Future studies should also endeavor to link these representational changes with specific cognitive and computational processes. Of the extinction-induced changes in our ROIs, only the amygdala’s representation of the CS+ tracked individual differences in post-acquisition state anxiety. Extinction-induced changes in multivariate patterning in other brain regions may be driven, in turn, by the amygdala itself or may be related to other cognitive processes implicated in computational models of conditioning, such as attentional allocation, value updating, or contextual binding (Armony et al., 1995; Schmajuk, 1997).
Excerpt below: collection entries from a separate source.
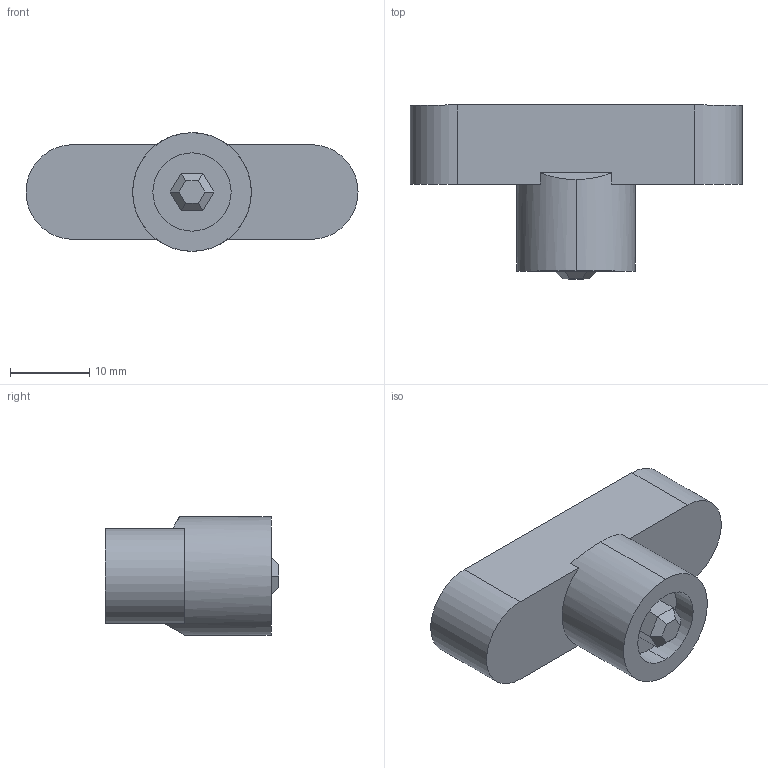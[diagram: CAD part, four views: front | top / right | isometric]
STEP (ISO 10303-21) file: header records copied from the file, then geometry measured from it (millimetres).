
FILE_DESCRIPTION (( 'STEP AP214' ), '1' );
FILE_NAME ('Indicator thumbscrew.STEP', '2024-12-27T12:22:49', ( '' ), ( '' ), 'SwSTEP 2.0', 'SolidWorks 2020', '' );
FILE_SCHEMA (( 'AUTOMOTIVE_DESIGN' ));
Length unit declared in the file: millimetre
Products named in the file (1): Indicator thumbscrew
Bounding box: 42 x 22 x 15 mm (x, y, z)
Volume: 6540 mm3; surface area: 2618.1 mm2
Topology: 1 solids, 1 shells, 29 faces, 69 edges, 44 vertices
Faces by surface type: plane 23, cylinder 6
Entity records: 863 total; most frequent: CARTESIAN_POINT 155, DIRECTION 139, ORIENTED_EDGE 138, EDGE_CURVE 69, VECTOR 51, LINE 51, VERTEX_POINT 44, AXIS2_PLACEMENT_3D 44
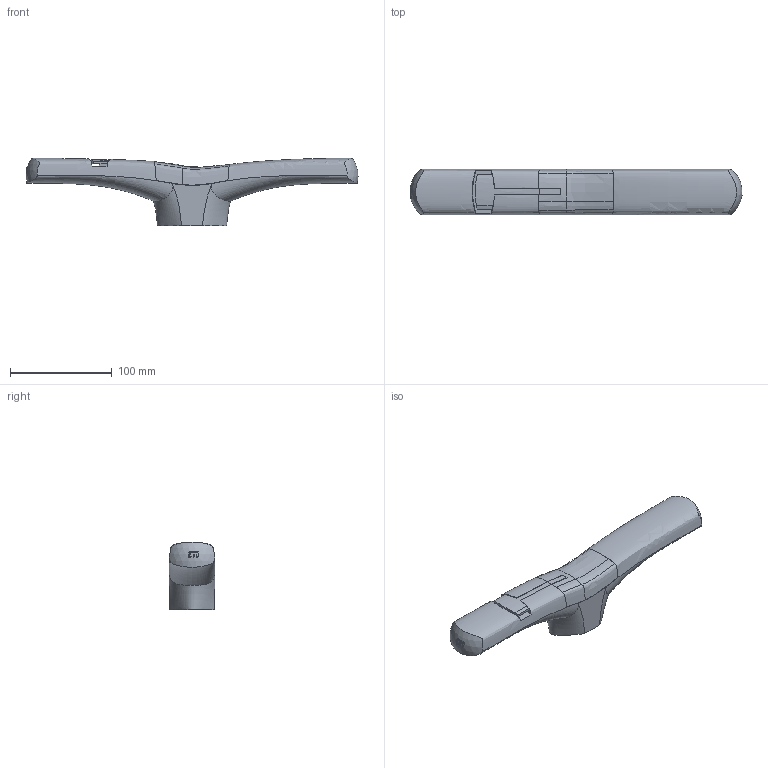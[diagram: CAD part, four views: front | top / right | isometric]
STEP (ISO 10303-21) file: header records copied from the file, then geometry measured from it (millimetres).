
FILE_DESCRIPTION((''),'2;1');
FILE_NAME('004661482_LBS-DH3200-B_ASM','2021-10-01T',('marketing.praksa'),('Audax d.o.o.'),'CREO PARAMETRIC BY PTC INC, 2017480','CREO PARAMETRIC BY PTC INC, 2017480','');
FILE_SCHEMA(('AUTOMOTIVE_DESIGN { 1 0 10303 214 1 1 1 1 }'));
Length unit declared in the file: millimetre
Products named in the file (8): ORIGINAL_1_1; PRT9563_1_1_2_3_4_5_6_7_8_9_1_1; PRT9563_1_1_2_3_4_5_6_7_8_9_1_2; PRT9563_1_1_2_3_4_5_6_7_8_9_1_3; PRT9563_1_1_2_3_4_5_6_7_8_9_10_ASM; PRT9562_1_1_2_3_4_5_6_7_8_9__11; WHITE_1_1; 004661482_LBS-DH3200-B_ASM
Assembly tree (7 placements, depth 3):
  004661482_LBS-DH3200-B_ASM
    ORIGINAL_1_1
    PRT9563_1_1_2_3_4_5_6_7_8_9_10_ASM
      PRT9563_1_1_2_3_4_5_6_7_8_9_1_1
      PRT9563_1_1_2_3_4_5_6_7_8_9_1_2
      PRT9563_1_1_2_3_4_5_6_7_8_9_1_3
    PRT9562_1_1_2_3_4_5_6_7_8_9__11
    WHITE_1_1
Bounding box: 326.93 x 44.99 x 66.29 mm (x, y, z)
Volume: 419053.7 mm3; surface area: 61498.2 mm2
Topology: 6 solids, 6 shells, 192 faces, 533 edges, 358 vertices
Faces by surface type: plane 96, cylinder 58, bspline 28, extrusion 4, cone 4, sphere 2
Entity records: 26307 total; most frequent: CARTESIAN_POINT 18484, ORIENTED_EDGE 1066, DIRECTION 755, PRESENTATION_STYLE_ASSIGNMENT 678, STYLED_ITEM 678, CURVE_STYLE 535, EDGE_CURVE 533, VERTEX_POINT 358
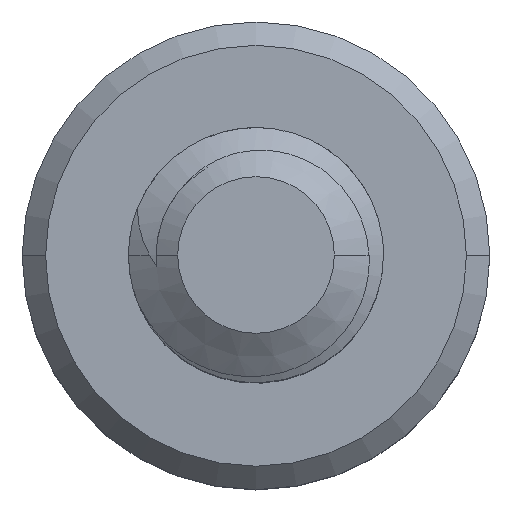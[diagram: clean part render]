
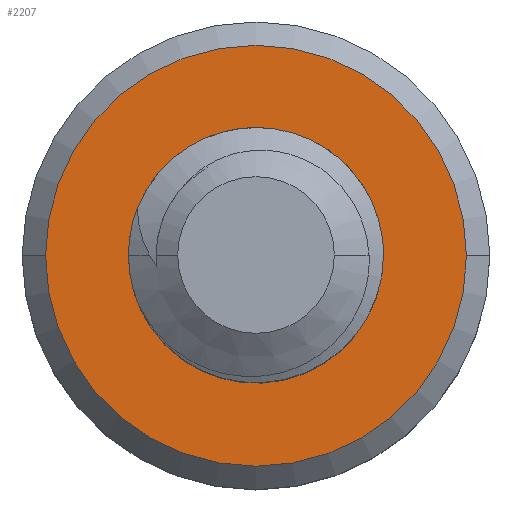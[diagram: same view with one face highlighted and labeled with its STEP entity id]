
A CAD part, top view. The second image highlights one B-rep face of the part: STEP entity #2207.
In plain terms, the highlighted planar face has unit normal (0, 0, 1).
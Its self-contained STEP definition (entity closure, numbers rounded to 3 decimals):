
#51 = CARTESIAN_POINT ( 'NONE',  ( 0., -1.175, -5. ) ) ;
#67 = DIRECTION ( 'NONE',  ( 0., 0., -1. ) ) ;
#77 = ORIENTED_EDGE ( 'NONE', *, *, #1319, .F. ) ;
#78 = CARTESIAN_POINT ( 'NONE',  ( -0.649, -1.077, -5. ) ) ;
#89 = CARTESIAN_POINT ( 'NONE',  ( 1.301, 0.351, -5. ) ) ;
#97 = DIRECTION ( 'NONE',  ( 0., 0., 1. ) ) ;
#112 = CARTESIAN_POINT ( 'NONE',  ( 2.475, 0., -5. ) ) ;
#125 = CARTESIAN_POINT ( 'NONE',  ( -2.475, 0., -5. ) ) ;
#182 = CARTESIAN_POINT ( 'NONE',  ( 0., 0., -5. ) ) ;
#278 = CARTESIAN_POINT ( 'NONE',  ( 0., 0., -5. ) ) ;
#323 = CARTESIAN_POINT ( 'NONE',  ( -0.98, -0.856, -5. ) ) ;
#333 = CARTESIAN_POINT ( 'NONE',  ( 1.215, -0.312, -5. ) ) ;
#369 = B_SPLINE_CURVE_WITH_KNOTS ( 'NONE', 3,
 ( #2615, #828, #1085, #2869, #1360, #3123, #1607, #89, #1866, #333, #2115, #595, #2373, #836 ),
 .UNSPECIFIED., .F., .F.,
 ( 4, 2, 2, 2, 2, 2, 4 ),
 ( 0., 0.001, 0.001, 0.002, 0.002, 0.003, 0.003 ),
 .UNSPECIFIED. ) ;
#397 = EDGE_LOOP ( 'NONE', ( #974, #1083 ) ) ;
#526 = DIRECTION ( 'NONE',  ( -1., 0., 0. ) ) ;
#580 = CARTESIAN_POINT ( 'NONE',  ( -1.226, -0.541, -5. ) ) ;
#590 = VERTEX_POINT ( 'NONE', #3059 ) ;
#595 = CARTESIAN_POINT ( 'NONE',  ( 1.017, -0.659, -5. ) ) ;
#681 = PLANE ( 'NONE',  #1521 ) ;
#683 = DIRECTION ( 'NONE',  ( -1., 0., 0. ) ) ;
#765 = CIRCLE ( 'NONE', #1936, 2.475 ) ;
#827 = CARTESIAN_POINT ( 'NONE',  ( -1.423, 0.097, -5. ) ) ;
#828 = CARTESIAN_POINT ( 'NONE',  ( 0.266, 1.478, -5. ) ) ;
#836 = CARTESIAN_POINT ( 'NONE',  ( 0.823, -0.839, -5. ) ) ;
#973 = VERTEX_POINT ( 'NONE', #1163 ) ;
#974 = ORIENTED_EDGE ( 'NONE', *, *, #1723, .T. ) ;
#1083 = ORIENTED_EDGE ( 'NONE', *, *, #2573, .T. ) ;
#1084 = CARTESIAN_POINT ( 'NONE',  ( -1.322, 0.617, -5. ) ) ;
#1085 = CARTESIAN_POINT ( 'NONE',  ( 0.522, 1.38, -5. ) ) ;
#1103 = DIRECTION ( 'NONE',  ( 0., 0., 1. ) ) ;
#1130 = ORIENTED_EDGE ( 'NONE', *, *, #2742, .T. ) ;
#1151 = VERTEX_POINT ( 'NONE', #125 ) ;
#1163 = CARTESIAN_POINT ( 'NONE',  ( 0.823, -0.839, -5. ) ) ;
#1183 = VERTEX_POINT ( 'NONE', #51 ) ;
#1319 = EDGE_CURVE ( 'NONE', #590, #1903, #2843, .T. ) ;
#1329 = CARTESIAN_POINT ( 'NONE',  ( -0.133, -1.189, -5. ) ) ;
#1359 = CARTESIAN_POINT ( 'NONE',  ( -1.137, 0.968, -5. ) ) ;
#1360 = CARTESIAN_POINT ( 'NONE',  ( 0.935, 1.048, -5. ) ) ;
#1395 = CIRCLE ( 'NONE', #1624, 2.475 ) ;
#1450 = B_SPLINE_CURVE_WITH_KNOTS ( 'NONE', 3,
 ( #2344, #1329, #3110, #1599, #78, #1851, #323, #2105, #580, #2359, #827, #2614, #1084, #2868, #1359, #3122 ),
 .UNSPECIFIED., .F., .F.,
 ( 4, 2, 2, 2, 2, 2, 2, 4 ),
 ( 0., 0., 0.001, 0.001, 0.002, 0.002, 0.003, 0.003 ),
 .UNSPECIFIED. ) ;
#1493 = FACE_OUTER_BOUND ( 'NONE', #397, .T. ) ;
#1521 = AXIS2_PLACEMENT_3D ( 'NONE', #182, #2211, #683 ) ;
#1588 = CIRCLE ( 'NONE', #2486, 1.175 ) ;
#1591 = CARTESIAN_POINT ( 'NONE',  ( 0., 0., -5. ) ) ;
#1599 = CARTESIAN_POINT ( 'NONE',  ( -0.526, -1.125, -5. ) ) ;
#1607 = CARTESIAN_POINT ( 'NONE',  ( 1.161, 0.72, -5. ) ) ;
#1619 = CARTESIAN_POINT ( 'NONE',  ( 0., 0., -5. ) ) ;
#1624 = AXIS2_PLACEMENT_3D ( 'NONE', #278, #2052, #526 ) ;
#1702 = CARTESIAN_POINT ( 'NONE',  ( -1.051, 1.07, -5. ) ) ;
#1723 = EDGE_CURVE ( 'NONE', #1151, #2088, #765, .T. ) ;
#1842 = DIRECTION ( 'NONE',  ( 1., 0., 0. ) ) ;
#1851 = CARTESIAN_POINT ( 'NONE',  ( -0.878, -0.941, -5. ) ) ;
#1866 = CARTESIAN_POINT ( 'NONE',  ( 1.317, 0.073, -5. ) ) ;
#1877 = DIRECTION ( 'NONE',  ( -1., 0., 0. ) ) ;
#1903 = VERTEX_POINT ( 'NONE', #1702 ) ;
#1936 = AXIS2_PLACEMENT_3D ( 'NONE', #1619, #97, #1877 ) ;
#2012 = EDGE_CURVE ( 'NONE', #1183, #1903, #1450, .T. ) ;
#2049 = AXIS2_PLACEMENT_3D ( 'NONE', #2631, #1103, #2883 ) ;
#2052 = DIRECTION ( 'NONE',  ( 0., 0., 1. ) ) ;
#2063 = ORIENTED_EDGE ( 'NONE', *, *, #2012, .T. ) ;
#2088 = VERTEX_POINT ( 'NONE', #112 ) ;
#2105 = CARTESIAN_POINT ( 'NONE',  ( -1.155, -0.655, -5. ) ) ;
#2115 = CARTESIAN_POINT ( 'NONE',  ( 1.161, -0.435, -5. ) ) ;
#2207 = ADVANCED_FACE ( 'NONE', ( #1493, #2599 ), #681, .F. ) ;
#2211 = DIRECTION ( 'NONE',  ( 0., 0., -1. ) ) ;
#2344 = CARTESIAN_POINT ( 'NONE',  ( 0., -1.175, -5. ) ) ;
#2359 = CARTESIAN_POINT ( 'NONE',  ( -1.387, -0.178, -5. ) ) ;
#2373 = CARTESIAN_POINT ( 'NONE',  ( 0.93, -0.757, -5. ) ) ;
#2486 = AXIS2_PLACEMENT_3D ( 'NONE', #1591, #67, #1842 ) ;
#2573 = EDGE_CURVE ( 'NONE', #2088, #1151, #1395, .T. ) ;
#2599 = FACE_BOUND ( 'NONE', #2980, .T. ) ;
#2614 = CARTESIAN_POINT ( 'NONE',  ( -1.362, 0.488, -5. ) ) ;
#2615 = CARTESIAN_POINT ( 'NONE',  ( 0., 1.5, -5. ) ) ;
#2631 = CARTESIAN_POINT ( 'NONE',  ( 0., 0., -5. ) ) ;
#2698 = ORIENTED_EDGE ( 'NONE', *, *, #2796, .T. ) ;
#2742 = EDGE_CURVE ( 'NONE', #973, #1183, #1588, .T. ) ;
#2796 = EDGE_CURVE ( 'NONE', #590, #973, #369, .T. ) ;
#2843 = CIRCLE ( 'NONE', #2049, 1.5 ) ;
#2868 = CARTESIAN_POINT ( 'NONE',  ( -1.209, 0.856, -5. ) ) ;
#2869 = CARTESIAN_POINT ( 'NONE',  ( 0.84, 1.143, -5. ) ) ;
#2883 = DIRECTION ( 'NONE',  ( 1., 0., 0. ) ) ;
#2980 = EDGE_LOOP ( 'NONE', ( #77, #2698, #1130, #2063 ) ) ;
#3059 = CARTESIAN_POINT ( 'NONE',  ( 0., 1.5, -5. ) ) ;
#3110 = CARTESIAN_POINT ( 'NONE',  ( -0.265, -1.182, -5. ) ) ;
#3122 = CARTESIAN_POINT ( 'NONE',  ( -1.051, 1.07, -5. ) ) ;
#3123 = CARTESIAN_POINT ( 'NONE',  ( 1.095, 0.838, -5. ) ) ;

Finally, we acknowledge that there is a current debate regarding how well the neural circuitry involved in defensive conditioning processes maps onto feelings of fear and anxiety, with some researchers calling for a reframing of conditioning processes as reflecting survival-based threat detection computations that are broader than those relating to the experience of fear per se (LeDoux, 2012; LeDoux & Pine, 2016; but see Fanselow & Pennington, 2016). For instance, using a threat exposure paradigm, Taschereau-Dumouchel, Kawato & Lau, (2019) showed that, while there was some overlap in fMRI signals that predicted both subjective anxiety and SCR reactivity to evolutionary-based threats, other regions showed selectivity to one of these measures and not the other. In this paper, we chose to maintain the traditional terminology that refers to defensive Pavlovian training paradigms as “fear conditioning” to link our study to the broader extant literature, while recognizing that fMRI responses elicited to conditioned stimuli may not necessarily map onto those that mediate the subjective experience of fear. Interestingly, our results inform this debate by showing that a dissociation between conditioning processes and the subjective experience of fear/anxiety may not be so clear-cut. In particular, we found that individual differences in the subjective experience of anxiety at the end of acquisition training predicted a persistence in CS+ patterning in the amygdala during Early Extinction training. As discussed above, this relationship was not found to physiological expression of conditioned learning as measured by SCR. These results suggest that fMRI signaling of conditioned stimuli may reflect some integration of subjective aspects of fear/anxiety. Nonetheless, we note that this influence was selective to the amygdala ROI and thus may be more separable in other components of fear-conditioning circuitry. Future studies that assay emotions more comprehensively during fear conditioning are warranted to further interrogate the relationship between subjective experience and neural representations of conditioned stimuli.

Open practices statement

The voxel-wise whole-brain searchlight RSA statistical map for the CS+ events (shown in Fig. 4) will be made available upon publication via the NeuroVault website (neurovault.org). Participant-wise RSA dissimilarity metrics for each ROI, average univariate activation values for each ROI, reported shock expectancy, reported state anxiety levels, and skin conductance response values will be made available upon publication via the Open Science Framework website (osf.io). The experiment was not preregistered.